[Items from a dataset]
++++++++++

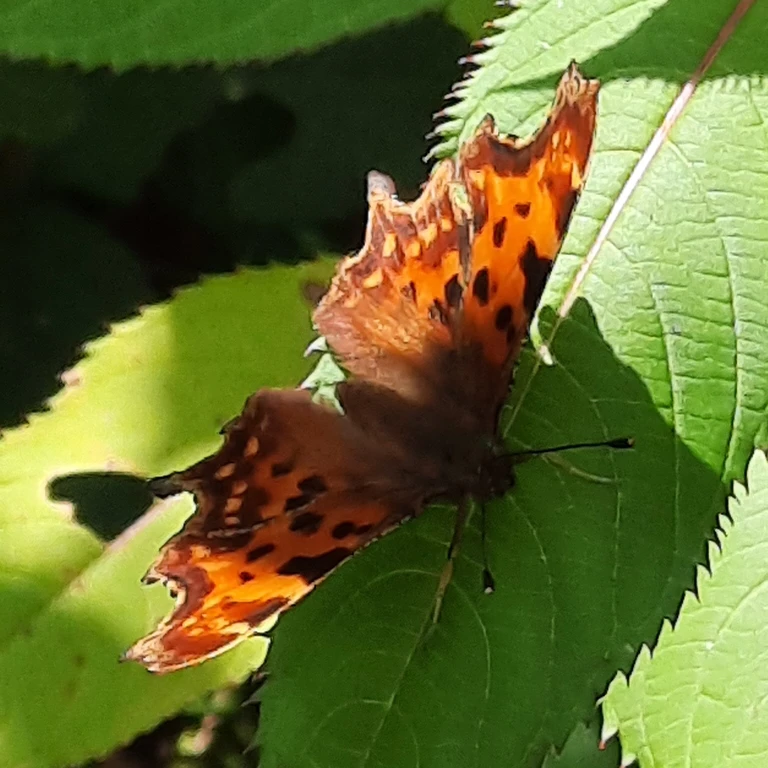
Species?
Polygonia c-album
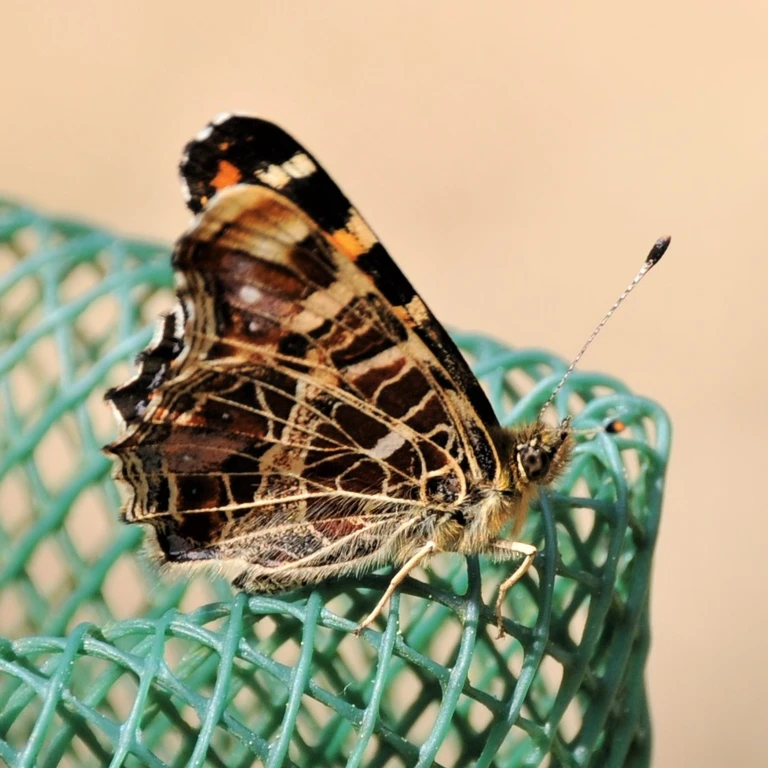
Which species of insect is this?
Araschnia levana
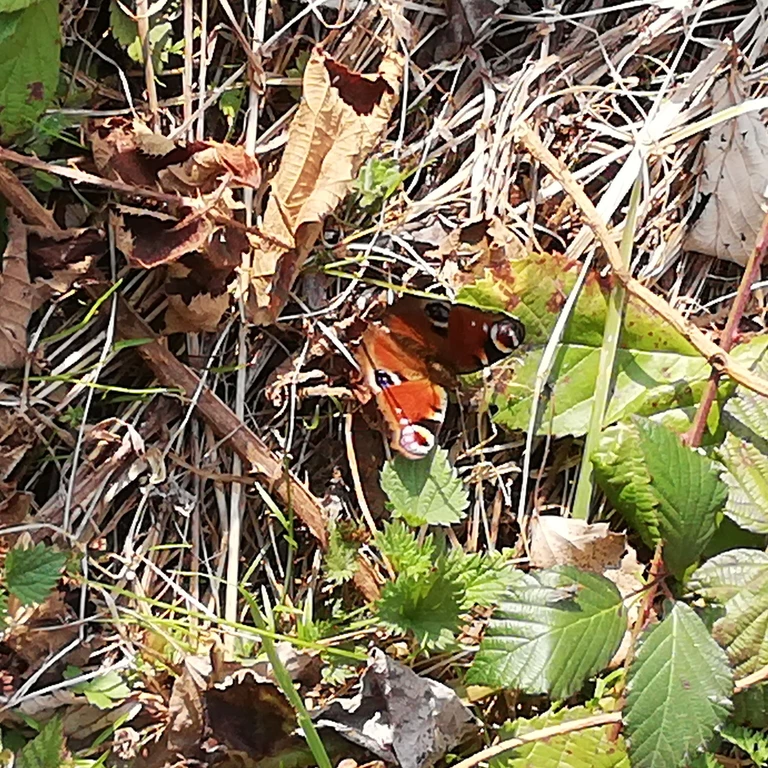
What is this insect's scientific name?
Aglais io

++++++++++

TASK TO COMPLETE >>
Repeat the records word for word. Any picture in them should be left out.

FINISHED TASK >>
Species?
Polygonia c-album
Which species of insect is this?
Araschnia levana
What is this insect's scientific name?
Aglais io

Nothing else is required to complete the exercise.